DROID-SLAM: Deep Visual SLAM for Monocular, Stereo, and RGB-D Cameras
Zachary Teed and Jia Deng
@article{teed2021droid,
title={{DROID-SLAM: Deep Visual SLAM for Monocular, Stereo, and RGB-D Cameras}},
author={Teed, Zachary and Deng, Jia},
journal={arXiv preprint arXiv:2108.10869},
year={2021}
}
Initial Code Release: This repo currently provides a single GPU implementation of our monocular SLAM system. It also contains demos, training, and evaluation scripts. Stereo, RGB-D, and multi-GPU code will be added on September 7.
To run the code you will need ...
-
Inference: Running the demos will require a GPU with at least 11G of memory.
-
Training: Training requires a GPU with at least 24G of memory. We train on 4 x RTX-3090 GPUs.
- Clone the repo using the
--recursive
flag
git clone --recursive https://github.com/princeton-vl/DROID-SLAM.git
- Creating a new anaconda environment using the provided .yaml file. Use
environment_novis.yaml
to if you do not want to use the visualization
conda env create -f environment.yml
pip install evo --upgrade --no-binary evo
pip install gdown
- Compile the extensions (takes about 10 minutes)
python setup.py install
-
Download the model from google drive: droid.pth
-
Download some sample videos using the provided script.
./tools/download_sample_data.sh
Run the demo on any of the samples (all demos can be run on a GPU with 11G of memory). While running, press the "s" key to increase the filtering threshold (= more points) and "a" to decrease the filtering threshold (= fewer points).

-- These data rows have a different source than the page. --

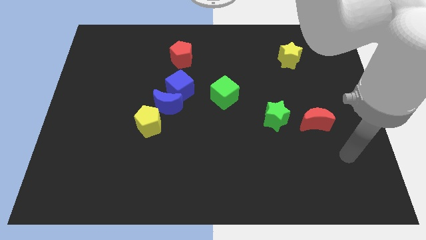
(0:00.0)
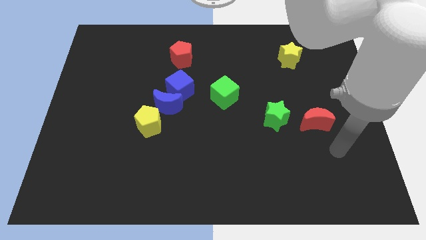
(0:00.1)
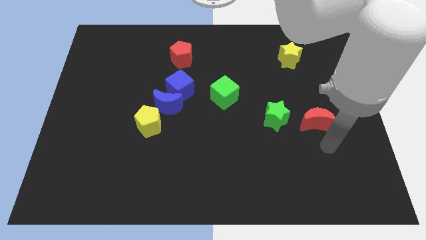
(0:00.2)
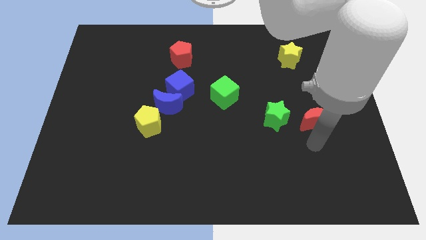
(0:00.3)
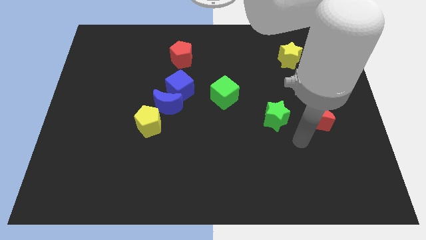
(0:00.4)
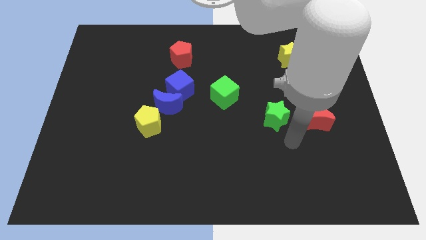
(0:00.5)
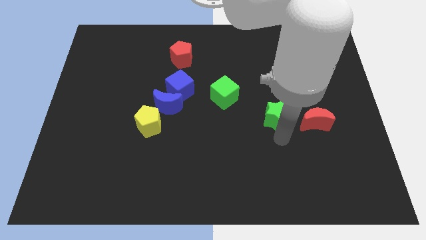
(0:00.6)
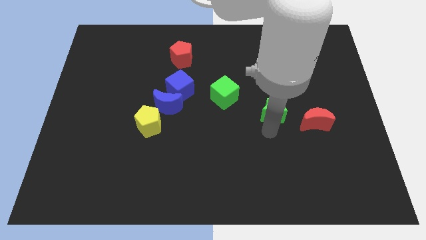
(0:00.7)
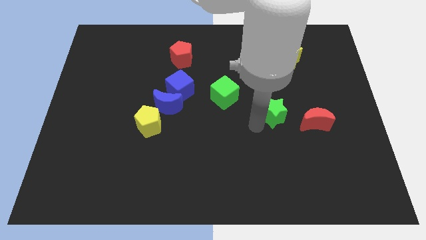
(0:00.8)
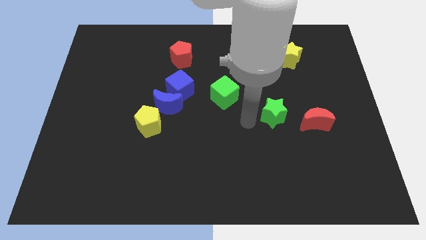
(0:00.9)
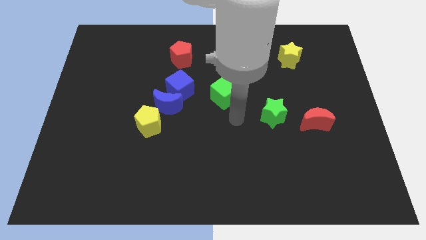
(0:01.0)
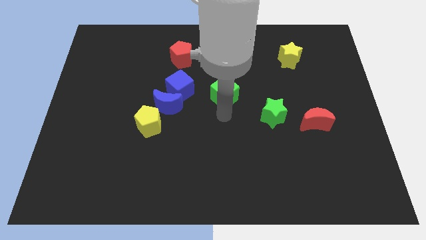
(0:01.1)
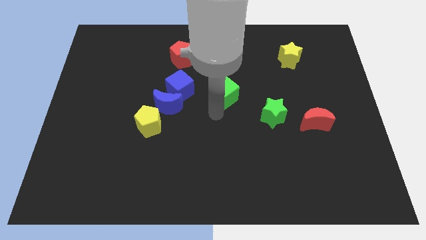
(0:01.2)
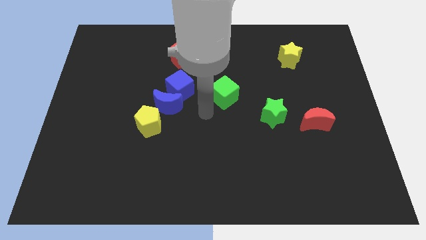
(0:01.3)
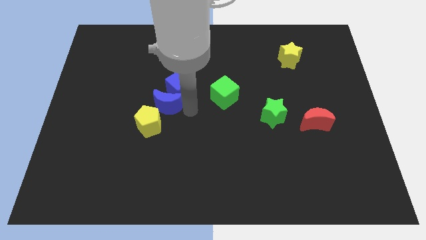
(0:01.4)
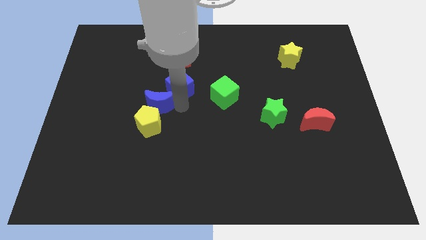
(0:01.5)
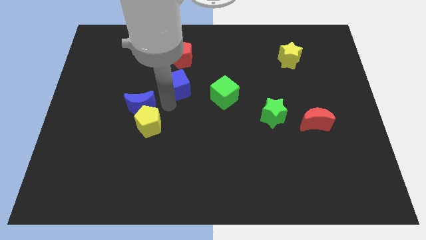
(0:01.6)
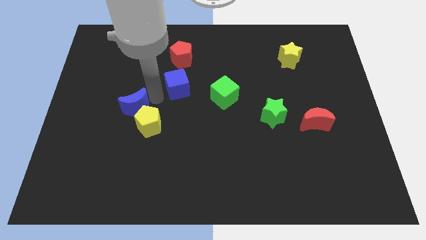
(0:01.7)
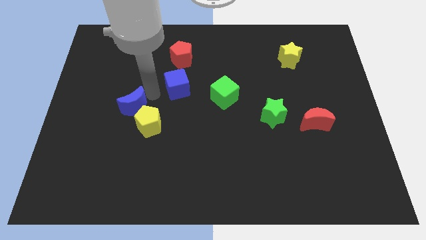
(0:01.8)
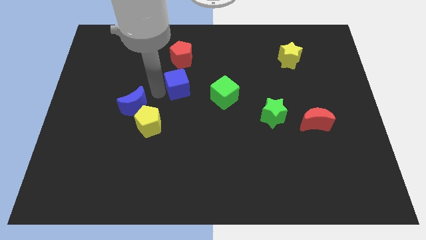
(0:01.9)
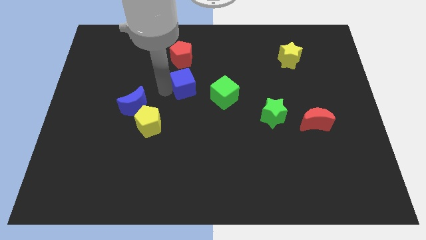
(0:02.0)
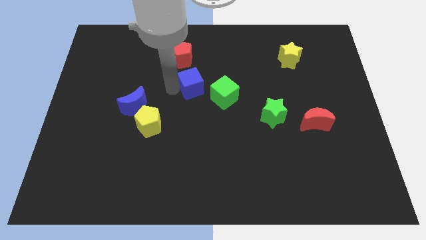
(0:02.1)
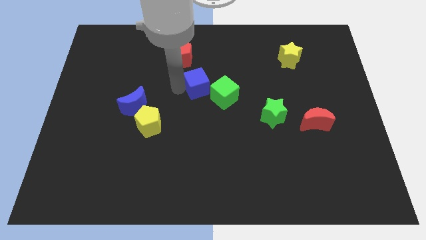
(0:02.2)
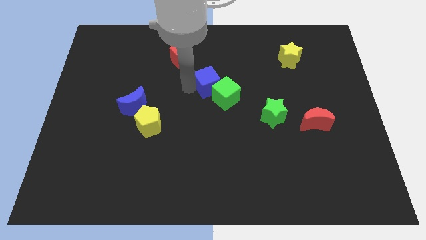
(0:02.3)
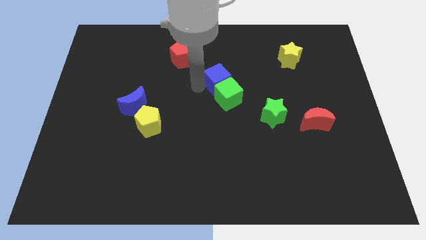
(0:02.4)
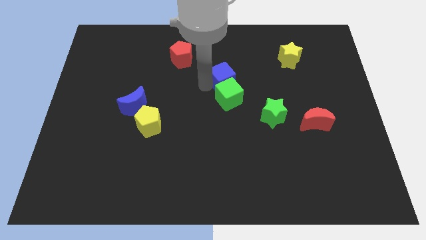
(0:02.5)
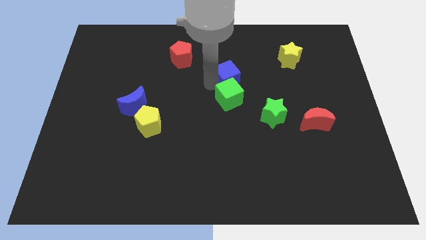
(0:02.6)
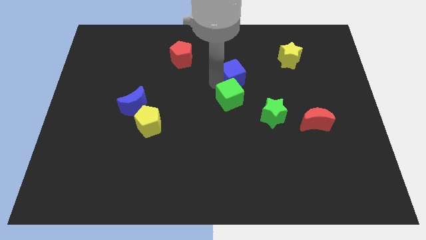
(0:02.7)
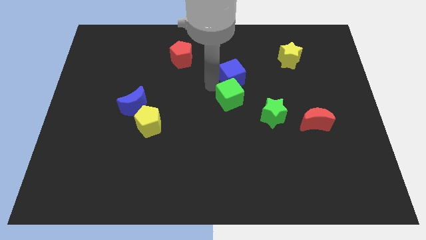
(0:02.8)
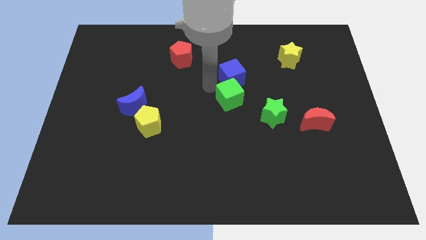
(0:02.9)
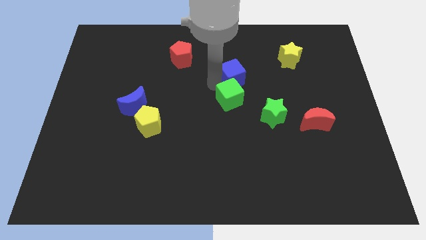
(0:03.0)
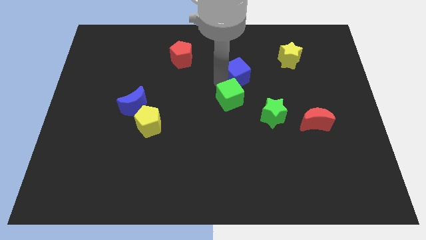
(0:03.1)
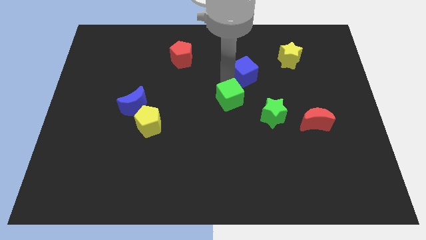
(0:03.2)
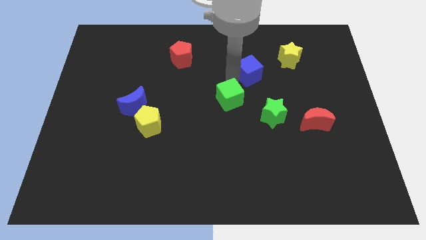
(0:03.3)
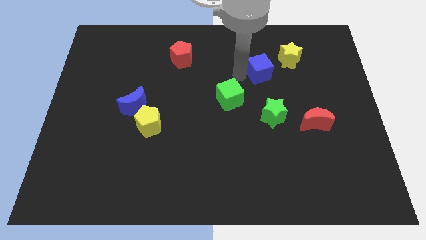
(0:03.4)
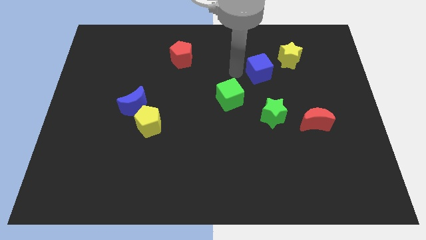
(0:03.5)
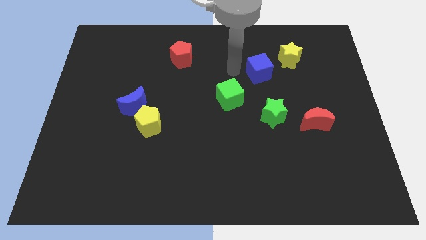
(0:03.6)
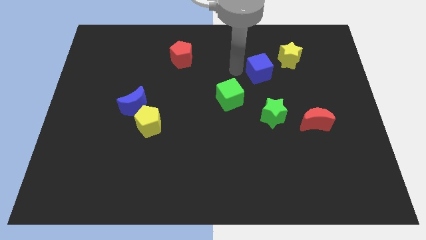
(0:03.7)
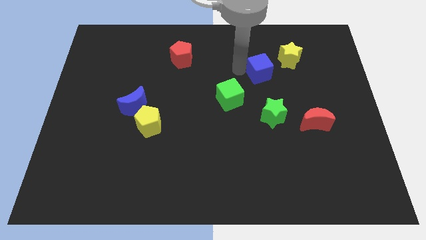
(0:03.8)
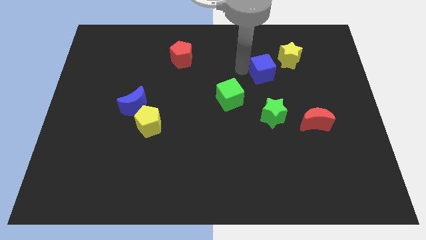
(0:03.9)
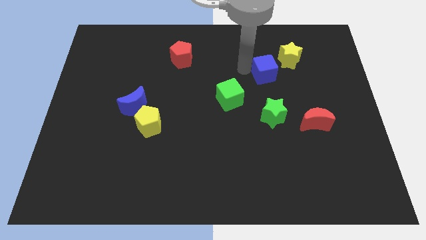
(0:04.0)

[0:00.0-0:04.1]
push the blue cube to the right

python demo.py --imagedir=data/abandonedfactory --calib=calib/tartan.txt --stride=2
python demo.py --imagedir=data/sfm_bench/rgb --calib=calib/eth.txt
python demo.py --imagedir=data/Barn --calib=calib/barn.txt --stride=1 --backend_nms=4
python demo.py --imagedir=data/mav0/cam0/data --calib=calib/euroc.txt --t0=150
python demo.py --imagedir=data/rgbd_dataset_freiburg3_cabinet/rgb --calib=calib/tum3.txt
Running on your own data: All you need is a calibration file. Calibration files are in the form
fx fy cx cy [k1 k2 p1 p2 [ k3 [ k4 k5 k6 ]]]

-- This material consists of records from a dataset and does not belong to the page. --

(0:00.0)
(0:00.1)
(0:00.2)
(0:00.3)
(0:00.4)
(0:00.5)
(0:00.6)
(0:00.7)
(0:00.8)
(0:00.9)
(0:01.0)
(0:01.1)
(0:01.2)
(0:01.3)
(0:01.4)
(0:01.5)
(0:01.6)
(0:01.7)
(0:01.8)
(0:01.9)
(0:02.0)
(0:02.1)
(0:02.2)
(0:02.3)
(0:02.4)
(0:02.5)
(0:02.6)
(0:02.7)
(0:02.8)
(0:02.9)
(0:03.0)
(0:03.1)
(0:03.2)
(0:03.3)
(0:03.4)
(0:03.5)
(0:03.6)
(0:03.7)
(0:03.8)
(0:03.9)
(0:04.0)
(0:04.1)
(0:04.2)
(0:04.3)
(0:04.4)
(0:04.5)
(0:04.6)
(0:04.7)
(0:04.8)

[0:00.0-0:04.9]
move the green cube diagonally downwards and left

with parameters in brackets optional.
We provide evaluation scripts for TartanAir, EuRoC, and TUM. EuRoC and TUM can be run on a 1080Ti. The TartanAir validation script will require 24G of memory.
Download the EuRoC sequences (ASL format) and put them in datasets/EuRoC
./tools/evaluate_euroc.sh
Download the fr1 sequences from TUM-RGBD and put them in datasets/TUM-RGBD
./tools/evaluate_tum.sh
Download the TartanAir dataset using the script thirdparty/tartanair_tools/download_training.py
and put them in datasets/TartanAir
./tools/validate_tartanair.sh
First download the TartanAir dataset. The download script can be found in thirdparty/tartanair_tools/download_training.py
. You will only need the rgb
and depth
data.
python download_training.py --rgb --depth
You can then run the training script. We use 4x3090 RTX GPUs for training which takes approximatly 1 week. If you use a different number of GPUs, adjust the learning rate accordingly.
Note: On the first training run, covisibility is computed between all pairs of frames. This can take several hours, but the results are cached so that future training runs will start immediately.
python train.py --datapath=<path to tartanair> --gpus=4 --lr=0.00025
Data from TartanAir was used to train our model. We additionally use evaluation tools from evo and tartanair_tools.